As I said, it drives, does burnouts, and gets me to work and back every day without issue as it is. I'll be fairly picky about what I take for it and who I'll sell it to. The buyer will have to have some solid electrical engineering skills, though I've done the real hard work. Considering the performance of this car, I'll also be looking for fairly reasonable offers. This thing does 0-60 around 5 seconds, looks great, and never requires fuel 

If anyone is interested and thinks they're up for taking over this project, let me know.


----------



## yuppie scum (Aug 21, 2017)

Wish I had a garage, I'd enjoy this! 

Do check in with your review of the Model 3!


----------



## Hubrisdog (Sep 21, 2017)

bigmouse said:


> If anyone is interested and thinks they're up for taking over this project, let me know.


*slowly raises hand*


----------



## bigmouse (Sep 28, 2008)

Posted a for-sale ad in the classifieds: http://www.diyelectriccar.com/forums/showthread.php/fs-2001-bmw-330ci-conversion-300-189786.html

Also, here's a 0-60 Video with the gear selector in the "sport" position (using both gears).


----------



## crasbe (Feb 21, 2016)

I've followed the project on Hackaday and stumbled over this forum one day. I plan on doing a similar conversion, when the engine in my E46 318i dies. Will you share your findings about the Lexus inverter?

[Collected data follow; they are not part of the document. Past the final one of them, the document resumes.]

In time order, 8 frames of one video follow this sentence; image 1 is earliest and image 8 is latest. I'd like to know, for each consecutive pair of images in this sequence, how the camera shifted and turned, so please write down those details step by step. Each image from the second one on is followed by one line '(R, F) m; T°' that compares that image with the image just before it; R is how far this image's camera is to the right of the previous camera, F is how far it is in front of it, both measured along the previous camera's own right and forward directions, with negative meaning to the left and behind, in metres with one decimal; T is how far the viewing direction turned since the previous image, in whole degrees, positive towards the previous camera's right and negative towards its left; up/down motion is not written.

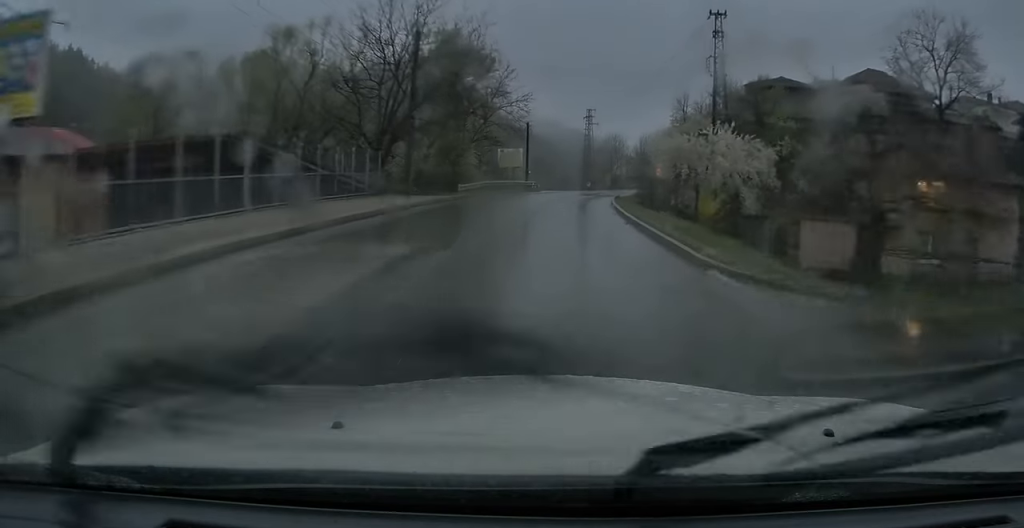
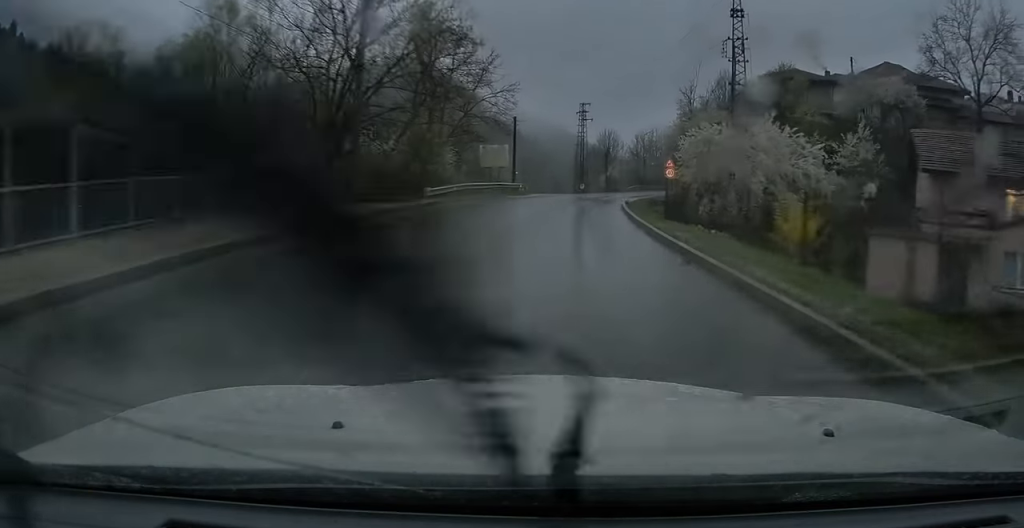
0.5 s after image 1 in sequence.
(+0.3, +7.5) m; +2°
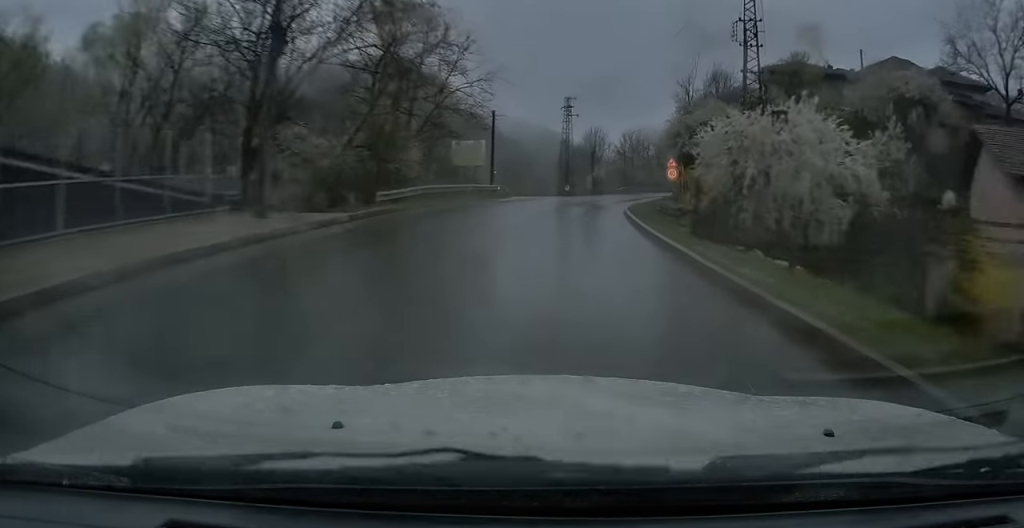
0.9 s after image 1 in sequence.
(0.0, +6.0) m; +2°
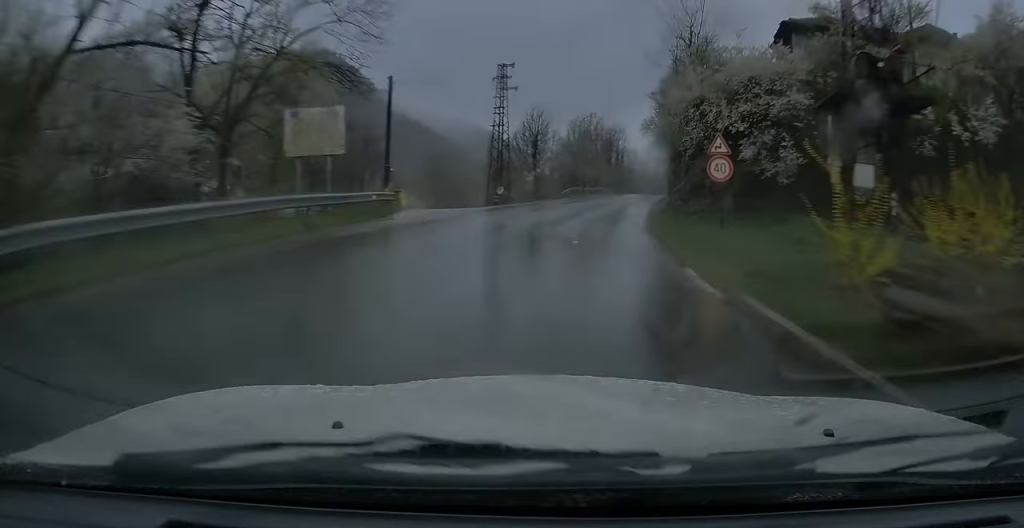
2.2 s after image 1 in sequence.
(+1.0, +19.3) m; +5°
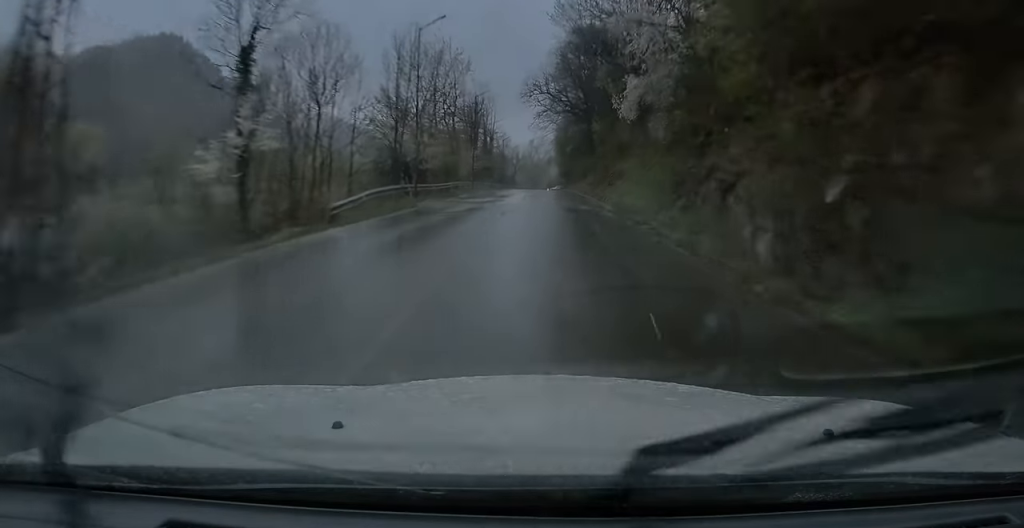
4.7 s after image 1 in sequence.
(+3.4, +37.5) m; +9°
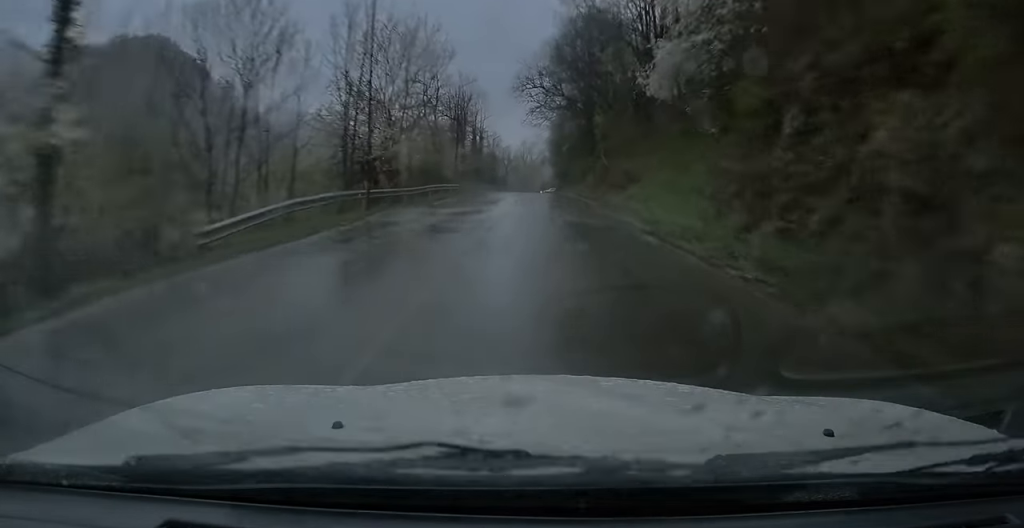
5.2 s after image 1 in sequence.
(+0.1, +7.6) m; +1°
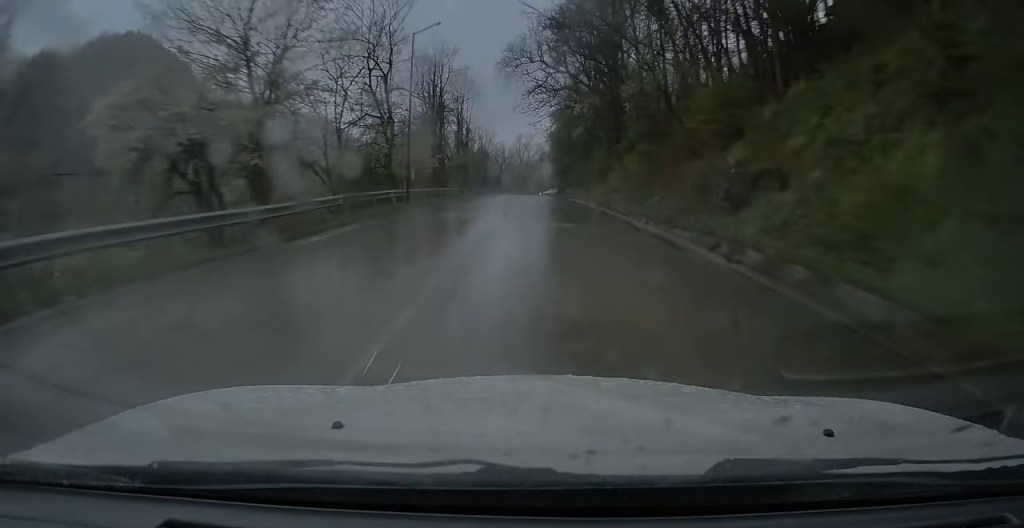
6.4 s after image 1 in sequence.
(+0.3, +17.8) m; +1°
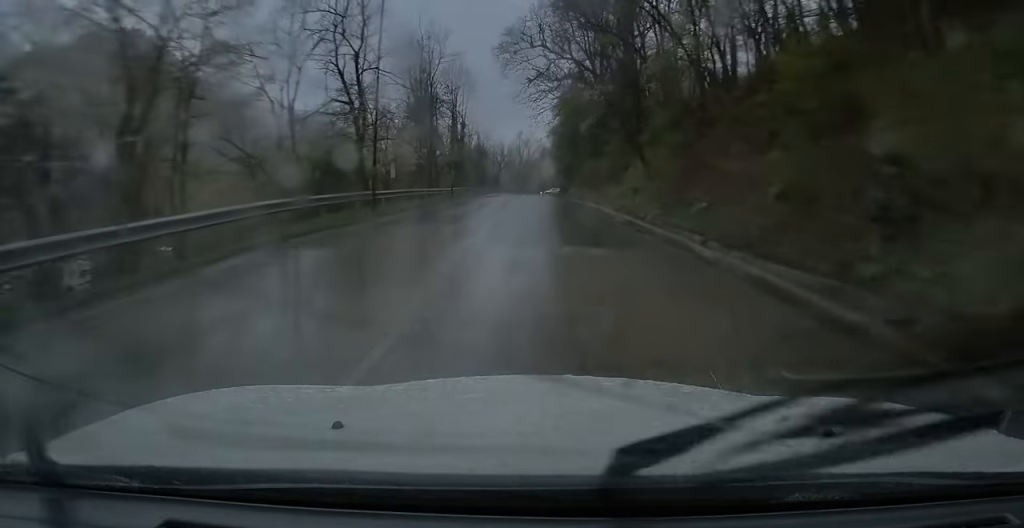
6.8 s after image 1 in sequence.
(+0.1, +6.6) m; 0°

Using the Lexus inverter seems like the more reasonable option than reinventing the wheel.


----------



## bigmouse (Sep 28, 2008)

crasbe said:


> I've followed the project on Hackaday and stumbled over this forum one day. I plan on doing a similar conversion, when the engine in my E46 318i dies. Will you share your findings about the Lexus inverter?
> 
> Using the Lexus inverter seems like the more reasonable option than reinventing the wheel.


I'll probably open it up once it's sold since I'll have to share all the details with the buyer anyway so they can continue tinkering with it.


----------



## hilux.2sv (Nov 28, 2017)

@bigmouse: That's a impressive work you have done! Would be great if you make it open to other people when your car is sold.
There are so much Toyota/Lexus hybrid drivetrains and components in the junk yard (and cheap too). These have a big potential to be the ultimate conversion parts for DIY electric car builders.
Maybe we could set up some GitHub projects for it (like for the EVTV GEVCU). So every one who has some knowledge about this stuff can contribute to this project.

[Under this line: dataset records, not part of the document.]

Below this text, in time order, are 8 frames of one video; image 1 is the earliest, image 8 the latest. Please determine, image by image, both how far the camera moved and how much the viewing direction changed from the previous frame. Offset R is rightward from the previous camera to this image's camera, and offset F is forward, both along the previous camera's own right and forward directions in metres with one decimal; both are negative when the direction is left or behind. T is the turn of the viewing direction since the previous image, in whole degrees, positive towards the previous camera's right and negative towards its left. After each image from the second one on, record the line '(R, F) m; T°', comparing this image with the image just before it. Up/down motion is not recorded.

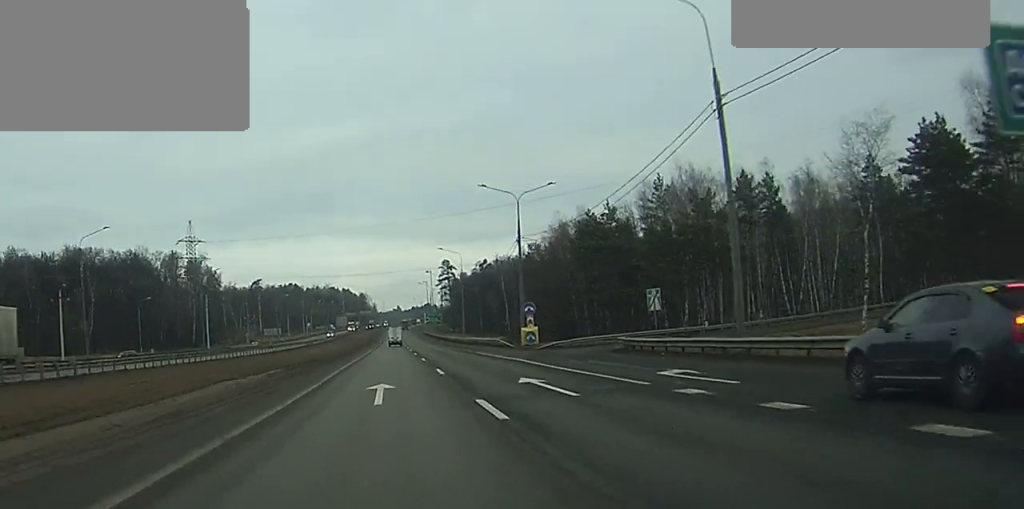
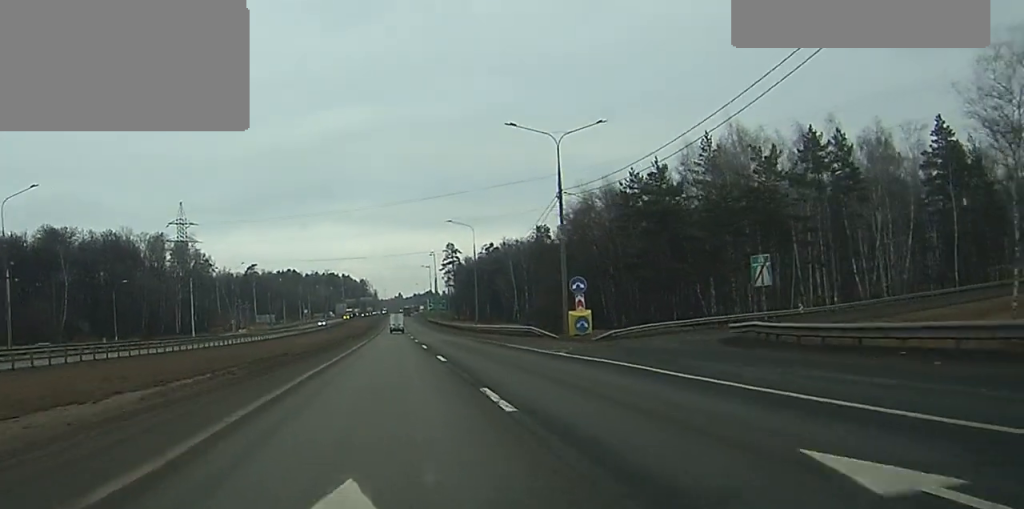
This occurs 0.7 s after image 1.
(+0.1, +17.1) m; 0°
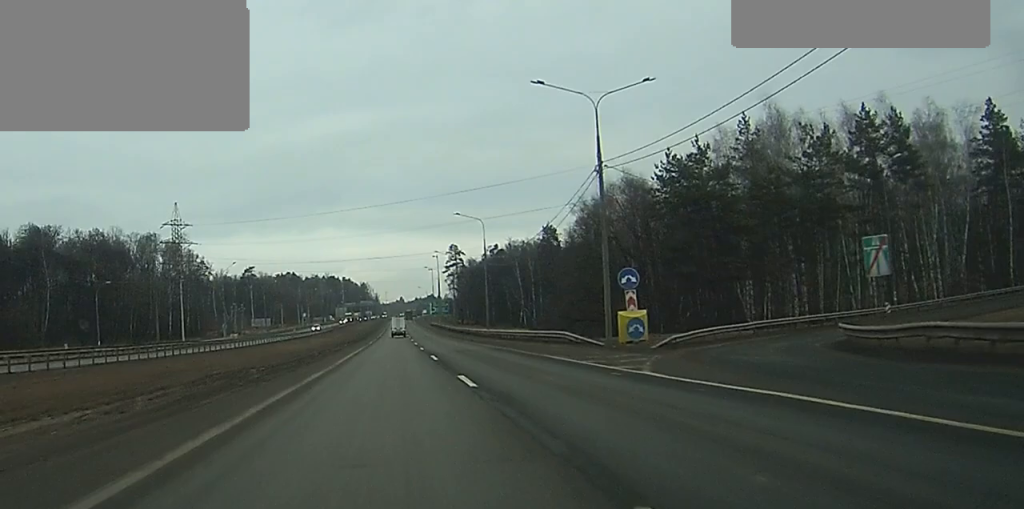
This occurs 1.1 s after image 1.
(0.0, +10.2) m; 0°
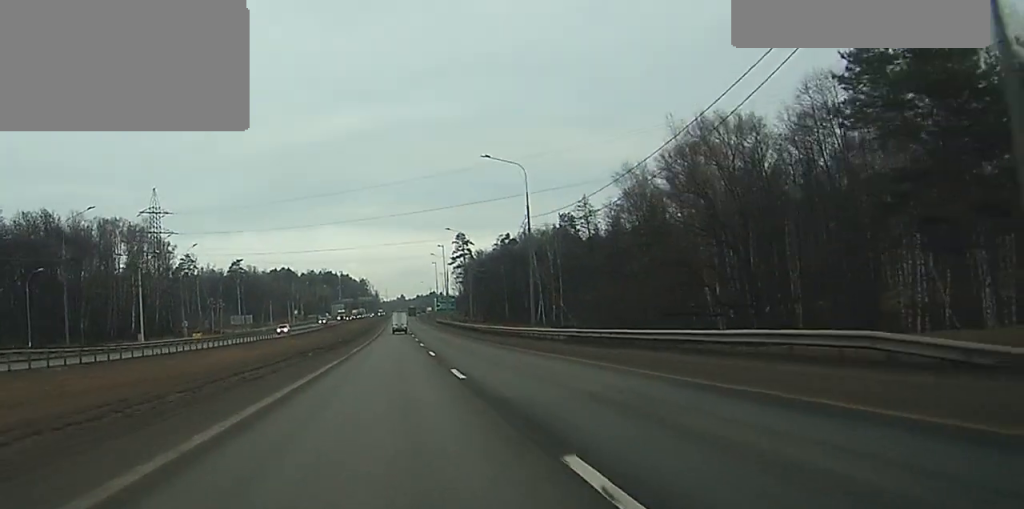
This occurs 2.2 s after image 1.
(0.0, +29.4) m; 0°
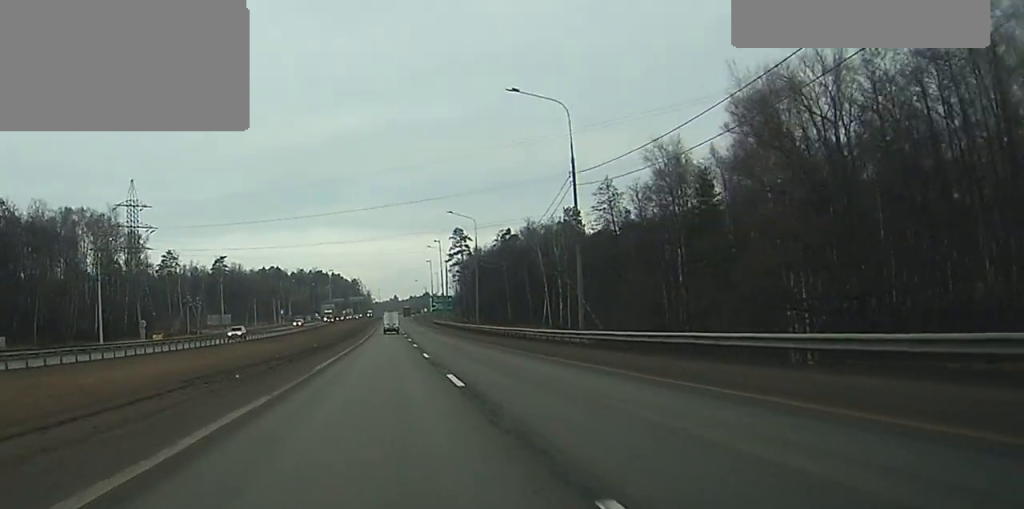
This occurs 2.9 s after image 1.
(0.0, +17.6) m; 0°
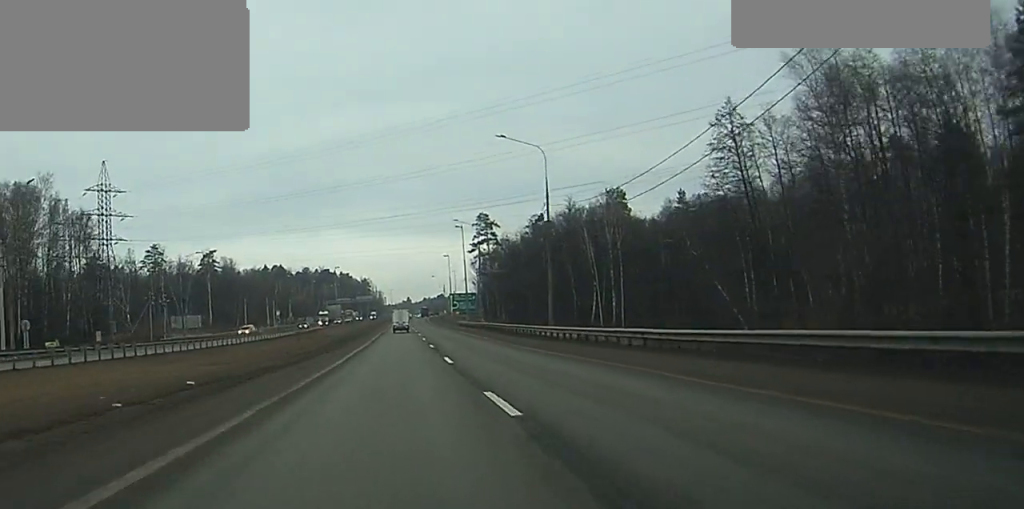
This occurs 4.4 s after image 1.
(-0.1, +37.8) m; 0°
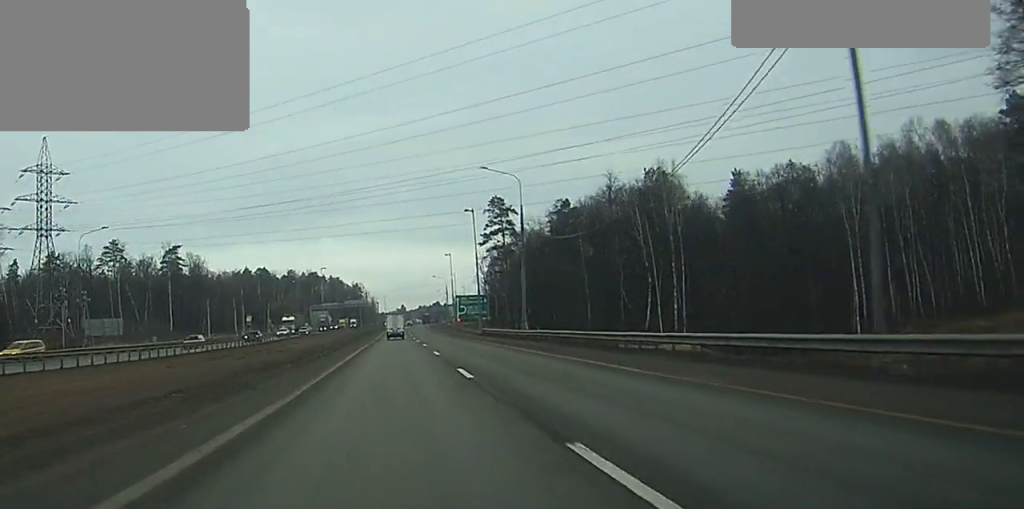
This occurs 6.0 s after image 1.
(-0.1, +38.8) m; 0°
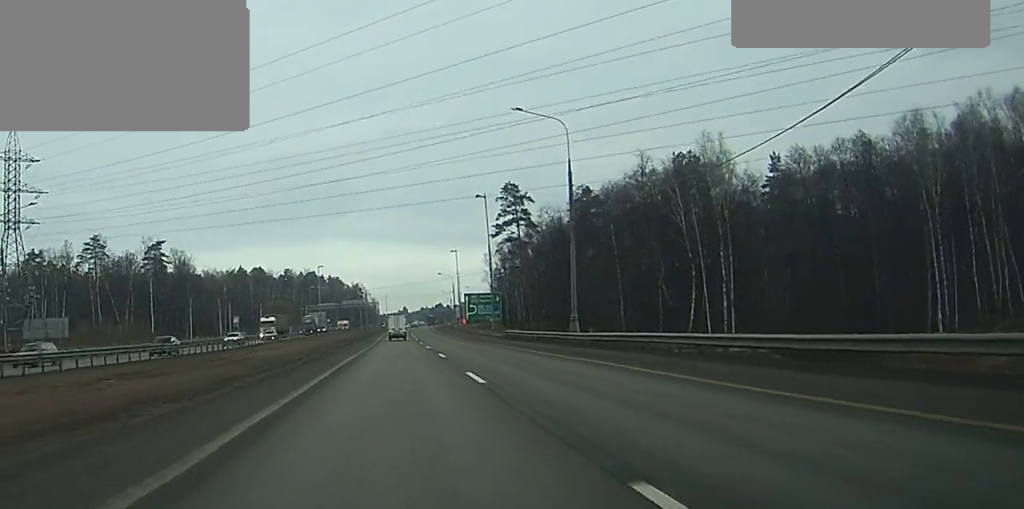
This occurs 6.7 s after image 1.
(0.0, +18.4) m; 0°

I'm an electronics engineer (from Berlin, Germany) and have a lot of experience with designing PCBs and programming microcontrollers (AVR XMEGAs, ATmega64M1 CAN/LIN controllers, ...) and did some projects with the Arduino Due too (started with the GEVCU).
Besides you didn't use your own controller board I'm very interested in the schematics and source code, too. Your PCB work is awesome!
I ordered some Tamagawa AU6802N1 resolver to digital converters from Hong Kong, a Teensy 3.2 and already got the Freescale MKV10Z32VLF7 microcontrollers. Will play with these a little bit.
With the Toyota/Lexus hybrid drivetrains I'm very familiar. We had a 3rd gen Prius, now an RAV4 hybrid AWD and a C-HR hybrid (not available in USA, same drivetrain like the 4. gen Prius). Did a lot of work on our other Toyota cars, so know how to wire these.

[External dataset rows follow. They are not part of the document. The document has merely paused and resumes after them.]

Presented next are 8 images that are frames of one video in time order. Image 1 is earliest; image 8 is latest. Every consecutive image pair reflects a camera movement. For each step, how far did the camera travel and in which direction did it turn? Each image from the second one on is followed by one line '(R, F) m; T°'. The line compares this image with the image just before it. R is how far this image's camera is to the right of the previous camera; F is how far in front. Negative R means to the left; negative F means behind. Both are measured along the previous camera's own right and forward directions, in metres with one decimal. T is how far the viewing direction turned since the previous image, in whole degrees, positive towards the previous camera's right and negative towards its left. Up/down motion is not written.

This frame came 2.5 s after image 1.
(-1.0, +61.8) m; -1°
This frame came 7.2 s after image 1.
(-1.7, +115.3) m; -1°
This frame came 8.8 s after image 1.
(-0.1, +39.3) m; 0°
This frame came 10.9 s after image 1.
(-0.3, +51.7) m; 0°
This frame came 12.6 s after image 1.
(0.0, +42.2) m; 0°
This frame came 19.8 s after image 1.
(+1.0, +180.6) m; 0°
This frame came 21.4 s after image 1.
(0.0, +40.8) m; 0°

My project is one of our Hilux pickup trucks (from 2004, similar to the old Tacomas). It's build up from ground (everything sand blasted and powder coated) with a lot of new components and conversions. 
I'm not happy with the diesel engine (102hp, only EURO3, no DPF) and want a petrol hybrid or fully electric drivetrain.
The first idea was to put a whole Lexus GS450h drivetrain in it, but I'm not sure if I can get it to work properly since there are so much components involved. It's impossible to transfer everything. That would be a lot of work to get it fit and running (if ever possible).
The second idea is to do it similar to the conversion you did to your BMW. I already brought a lot of components for it: 

- Lexus LS600h transmission
- Lexus LS600h flywheel, flexplate and input damper
<Update>
- Not usable: Toyota Prado / 4Runner / FJ Cruiser 4wd full-time transfer case with lockable Torsen center diff and low-range for replacing the LS600h one
- New replacement: Toyota Sequoia JF3A transfer case out an vehicle with A750F/A760H/F transmission and 1URFE/2UZFE engine (JF1A out of a Tundra or JF2A out of a LC200 possible too)
<Update>
- LS600h inverter
- LS600h oil pump controller
- LS600h DC/DC converter
- LS600h electric water pumps
- LS600h small engine wiring harness with most transmission sensor connectors
- LS600h inverter connector with wire pigtails
- LS600h oil pump controller <-> oil pump motor wiring harness
- LS600h oil pump controller connector with wire pigtails
- LS600h HVC-ECU connectors with wire pigtails (3x, 4th is on the small engine wiring harness)
- LS600h HV-battery cable, for using it to power the 12 DC/DC, charger, maybe chademo
- LS600h HV A/C-compressor cable, for powering the Toyota/Lexus A/C-compressor and the Chevy Volt electric heater (one at a time)
- 2nd gen Prius HVC-ECU for parting out the 135-pin PCB-connector, re-used for Y-harness (monitoring) and new EVC-ECU
- 3rd gen Prius battery for testing only (I know it's just about 200 volts)
- Chevy Volt battery charger, electric heater (single wire CAN), electric water pumps
- Toyota MR2 electric servo pump
- Hella vacuum pump for electric/hybrid vehicles (from an VW Touareg Hybrid)
- KILOVAC EV200 battery contactors
- TE battery service disconnects with and without build in fuse
- Type 2 charging socket and charging cable (230V 1-phase)
- Lapp Kabel - shielded cable for battery, inverter, charger wiring
- built some GEVCUs and other small controller boards for interfacing different things on the car (mostly ATmega64M1/ATtiny167)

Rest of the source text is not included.